I don't see an issue in people saying it like it is ie: she is attractive. I mean image is everything these days, its part of the whole package and who she is. Just look at why young girls like the bands they do etc, as someone already said, its not like guys go up to her and be drooling and saying "your hot" or something extremely cringe worthy lol.

And yes the HSH is a major turn off on any guitar imo. The people that say "it shouldn't get in the way with good technique" have obviously never heard players like PG, Morse, JP and others says that it also gets in the way. I have never used the single coil on any Ibanez that has had a HSH, the split positions between a HH combo work just as well and it looks a million times better.


----------



## eightsixboy (Feb 4, 2018)

MaxOfMetal said:


> I never understood the hatred for these. I mean, they're not objectively "pretty", but I hardly notice them.
> 
> I do think that they need to address it though. Maybe make them out of metal or wood and try to match the anesthetic of the particular guitar better.
> 
> I've said it before and I'll say it again, the Saber is floundering because they keep trying to sell it as a higher end alternative to the RG. They need to bring it in line with the RG series.



Surely they could do better then those covers though? Or just put a metal reinforcement plate under the switch if the wood is to thin?

Same with the back covers. They look terrible on the s series. In one of the vids for the Jiva when they turned the guitar over the electronics cover is all distorted from the screw tension, they need to recess it or start using a higher quality plastic, looks so cheap.


----------



## possumkiller (Feb 4, 2018)

eightsixboy said:


> I don't see an issue in people saying it like it is ie: she is attractive. I mean image is everything these days, its part of the whole package and who she is. Just look at why young girls like the bands they do etc, as someone already said, its not like guys go up to her and be drooling and saying "your hot" or something extremely cringe worthy lol.

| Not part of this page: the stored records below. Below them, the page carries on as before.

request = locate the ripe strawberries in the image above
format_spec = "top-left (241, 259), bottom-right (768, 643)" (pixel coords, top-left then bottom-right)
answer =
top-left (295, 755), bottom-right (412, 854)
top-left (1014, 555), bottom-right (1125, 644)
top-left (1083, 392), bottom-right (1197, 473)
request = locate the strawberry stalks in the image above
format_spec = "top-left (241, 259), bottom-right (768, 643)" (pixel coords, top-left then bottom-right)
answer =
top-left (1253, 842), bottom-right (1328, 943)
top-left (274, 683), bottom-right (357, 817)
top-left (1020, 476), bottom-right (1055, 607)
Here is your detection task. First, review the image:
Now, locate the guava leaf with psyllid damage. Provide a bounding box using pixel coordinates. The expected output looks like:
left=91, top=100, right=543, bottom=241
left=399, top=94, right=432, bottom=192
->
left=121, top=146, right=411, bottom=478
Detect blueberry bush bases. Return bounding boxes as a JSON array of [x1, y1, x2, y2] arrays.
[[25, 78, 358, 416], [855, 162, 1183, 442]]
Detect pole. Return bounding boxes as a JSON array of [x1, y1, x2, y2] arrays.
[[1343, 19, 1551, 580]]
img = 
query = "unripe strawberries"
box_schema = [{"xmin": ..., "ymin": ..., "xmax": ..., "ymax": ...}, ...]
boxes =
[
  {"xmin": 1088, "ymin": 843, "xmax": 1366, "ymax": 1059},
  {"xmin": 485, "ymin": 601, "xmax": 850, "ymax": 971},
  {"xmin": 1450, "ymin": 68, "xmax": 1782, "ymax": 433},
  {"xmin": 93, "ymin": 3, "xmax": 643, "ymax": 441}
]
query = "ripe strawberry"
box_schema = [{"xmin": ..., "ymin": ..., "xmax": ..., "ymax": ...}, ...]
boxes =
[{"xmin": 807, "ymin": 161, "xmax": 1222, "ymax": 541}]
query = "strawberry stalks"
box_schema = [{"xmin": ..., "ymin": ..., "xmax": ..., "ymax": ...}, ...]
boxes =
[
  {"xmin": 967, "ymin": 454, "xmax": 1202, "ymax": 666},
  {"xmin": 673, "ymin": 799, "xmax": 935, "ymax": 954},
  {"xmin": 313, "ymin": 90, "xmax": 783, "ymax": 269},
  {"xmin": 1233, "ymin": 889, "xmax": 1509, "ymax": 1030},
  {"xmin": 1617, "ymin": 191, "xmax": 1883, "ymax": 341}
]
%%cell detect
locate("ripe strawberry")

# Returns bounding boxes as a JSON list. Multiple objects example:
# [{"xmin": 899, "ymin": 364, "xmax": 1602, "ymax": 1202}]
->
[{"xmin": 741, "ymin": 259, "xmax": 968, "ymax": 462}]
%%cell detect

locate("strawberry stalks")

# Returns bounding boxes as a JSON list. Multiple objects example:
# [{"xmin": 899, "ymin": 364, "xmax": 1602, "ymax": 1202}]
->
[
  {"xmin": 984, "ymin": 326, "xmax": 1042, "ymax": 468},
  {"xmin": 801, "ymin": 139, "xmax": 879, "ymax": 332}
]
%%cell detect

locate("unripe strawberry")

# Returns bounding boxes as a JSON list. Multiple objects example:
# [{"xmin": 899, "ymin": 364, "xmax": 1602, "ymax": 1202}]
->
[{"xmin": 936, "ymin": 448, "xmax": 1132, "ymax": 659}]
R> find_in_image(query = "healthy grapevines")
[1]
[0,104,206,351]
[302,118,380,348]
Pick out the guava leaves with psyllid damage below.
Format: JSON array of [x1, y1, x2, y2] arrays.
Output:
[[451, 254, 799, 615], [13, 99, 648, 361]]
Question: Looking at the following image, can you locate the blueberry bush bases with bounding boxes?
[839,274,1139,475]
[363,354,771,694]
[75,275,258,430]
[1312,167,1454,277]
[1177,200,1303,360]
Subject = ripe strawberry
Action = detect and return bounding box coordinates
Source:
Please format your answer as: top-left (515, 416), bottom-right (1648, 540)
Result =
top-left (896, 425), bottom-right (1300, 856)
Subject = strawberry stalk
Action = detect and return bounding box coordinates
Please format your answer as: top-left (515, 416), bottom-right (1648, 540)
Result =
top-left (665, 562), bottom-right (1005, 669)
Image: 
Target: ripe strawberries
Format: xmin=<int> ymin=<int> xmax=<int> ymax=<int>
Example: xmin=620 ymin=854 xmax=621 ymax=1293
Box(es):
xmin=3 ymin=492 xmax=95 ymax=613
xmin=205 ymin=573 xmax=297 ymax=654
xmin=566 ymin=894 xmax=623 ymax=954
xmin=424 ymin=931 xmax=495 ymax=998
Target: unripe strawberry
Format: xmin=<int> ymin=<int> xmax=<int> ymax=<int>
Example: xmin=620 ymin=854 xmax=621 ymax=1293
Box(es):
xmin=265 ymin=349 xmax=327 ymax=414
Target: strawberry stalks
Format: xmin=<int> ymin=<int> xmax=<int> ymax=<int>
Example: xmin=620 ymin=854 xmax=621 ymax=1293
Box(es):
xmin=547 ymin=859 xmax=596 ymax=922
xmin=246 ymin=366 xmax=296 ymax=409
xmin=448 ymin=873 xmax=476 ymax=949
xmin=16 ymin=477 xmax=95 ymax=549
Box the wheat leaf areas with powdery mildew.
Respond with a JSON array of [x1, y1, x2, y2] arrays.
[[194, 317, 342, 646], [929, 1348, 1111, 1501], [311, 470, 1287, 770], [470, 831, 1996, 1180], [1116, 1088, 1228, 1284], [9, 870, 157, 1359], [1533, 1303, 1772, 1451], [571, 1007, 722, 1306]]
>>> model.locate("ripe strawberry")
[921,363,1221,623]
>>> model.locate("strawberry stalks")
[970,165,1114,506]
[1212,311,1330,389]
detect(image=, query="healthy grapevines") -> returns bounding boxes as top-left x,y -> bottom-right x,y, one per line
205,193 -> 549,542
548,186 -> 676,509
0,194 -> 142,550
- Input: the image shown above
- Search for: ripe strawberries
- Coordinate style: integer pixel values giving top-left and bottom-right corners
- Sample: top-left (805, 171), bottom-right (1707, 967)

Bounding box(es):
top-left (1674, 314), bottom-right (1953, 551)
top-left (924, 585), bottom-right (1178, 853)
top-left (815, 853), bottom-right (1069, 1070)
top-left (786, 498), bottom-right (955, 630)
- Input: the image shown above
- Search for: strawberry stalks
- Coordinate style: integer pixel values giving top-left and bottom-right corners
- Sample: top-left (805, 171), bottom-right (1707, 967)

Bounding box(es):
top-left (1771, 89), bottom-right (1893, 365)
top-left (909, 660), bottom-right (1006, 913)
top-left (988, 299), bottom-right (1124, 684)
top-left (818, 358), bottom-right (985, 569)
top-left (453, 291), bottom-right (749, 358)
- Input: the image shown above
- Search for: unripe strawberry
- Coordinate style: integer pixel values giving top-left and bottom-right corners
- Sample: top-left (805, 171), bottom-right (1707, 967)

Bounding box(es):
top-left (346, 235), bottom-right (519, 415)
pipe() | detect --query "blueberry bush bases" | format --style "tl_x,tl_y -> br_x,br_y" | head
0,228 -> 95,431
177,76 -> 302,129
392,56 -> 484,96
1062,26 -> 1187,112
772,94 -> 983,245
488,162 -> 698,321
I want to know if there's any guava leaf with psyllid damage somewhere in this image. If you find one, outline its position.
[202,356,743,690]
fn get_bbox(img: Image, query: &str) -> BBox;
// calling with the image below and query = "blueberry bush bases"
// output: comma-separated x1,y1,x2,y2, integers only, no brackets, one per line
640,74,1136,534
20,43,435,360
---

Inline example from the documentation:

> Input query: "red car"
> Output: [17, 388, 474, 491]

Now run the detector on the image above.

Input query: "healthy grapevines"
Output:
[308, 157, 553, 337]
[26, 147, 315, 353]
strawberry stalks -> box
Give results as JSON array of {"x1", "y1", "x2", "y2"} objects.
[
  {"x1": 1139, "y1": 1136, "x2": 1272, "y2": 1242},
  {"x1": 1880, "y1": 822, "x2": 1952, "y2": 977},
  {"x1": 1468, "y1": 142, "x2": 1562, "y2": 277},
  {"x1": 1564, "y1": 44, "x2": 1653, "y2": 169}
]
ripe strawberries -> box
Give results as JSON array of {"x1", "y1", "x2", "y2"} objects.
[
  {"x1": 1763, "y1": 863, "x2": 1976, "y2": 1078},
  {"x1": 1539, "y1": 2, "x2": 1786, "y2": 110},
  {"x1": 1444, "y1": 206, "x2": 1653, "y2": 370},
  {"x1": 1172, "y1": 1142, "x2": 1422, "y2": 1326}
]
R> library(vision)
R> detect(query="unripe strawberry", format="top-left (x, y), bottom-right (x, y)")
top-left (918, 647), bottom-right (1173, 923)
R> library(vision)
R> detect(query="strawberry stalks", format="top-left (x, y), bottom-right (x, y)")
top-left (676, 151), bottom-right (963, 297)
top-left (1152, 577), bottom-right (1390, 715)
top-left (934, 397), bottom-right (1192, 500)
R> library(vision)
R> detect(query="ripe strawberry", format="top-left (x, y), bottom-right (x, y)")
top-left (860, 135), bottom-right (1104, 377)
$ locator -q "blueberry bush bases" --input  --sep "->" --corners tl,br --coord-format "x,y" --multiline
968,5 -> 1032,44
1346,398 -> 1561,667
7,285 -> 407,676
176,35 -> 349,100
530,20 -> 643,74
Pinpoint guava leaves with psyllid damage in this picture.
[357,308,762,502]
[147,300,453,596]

I'm pretty sure she does get some really nasty comments but the examples given earlier are quite tame considering the internet. I mean this is the same chick posing for a Guitar World special issue wearing just a guitar and some lingerie right? I'm sure she knows what she is doing. She is talented, smart, hot and she uses it all to her benefit. Good for her.


----------



## Hollowway (Feb 4, 2018)

eightsixboy said:


> And yes the HSH is a major turn off on any guitar imo. The people that say "it shouldn't get in the way with good technique" have obviously never heard players like PG, Morse, JP and others says that it also gets in the way. I have never used the single coil on any Ibanez that has had a HSH, the split positions between a HH combo work just as well and it looks a million times better.



Not looking to get into an argument, but Paul Gilbert and Steve Morse said middle pickups get in the way when they pick? All of Paul Gilbert's guitars come with a middle pickup. And Steve Morse's signature guitar has TWO middle pickups. And one of them is diagonal. There's literally no place to pick without being over a pickup. Or are you talking about a different PG and Morse?


----------



## eightsixboy (Feb 4, 2018)

Hollowway said:


> Not looking to get into an argument, but Paul Gilbert and Steve Morse said middle pickups get in the way when they pick? All of Paul Gilbert's guitars come with a middle pickup. And Steve Morse's signature guitar has TWO middle pickups. And one of them is diagonal. There's literally no place to pick without being over a pickup. Or are you talking about a different PG and Morse?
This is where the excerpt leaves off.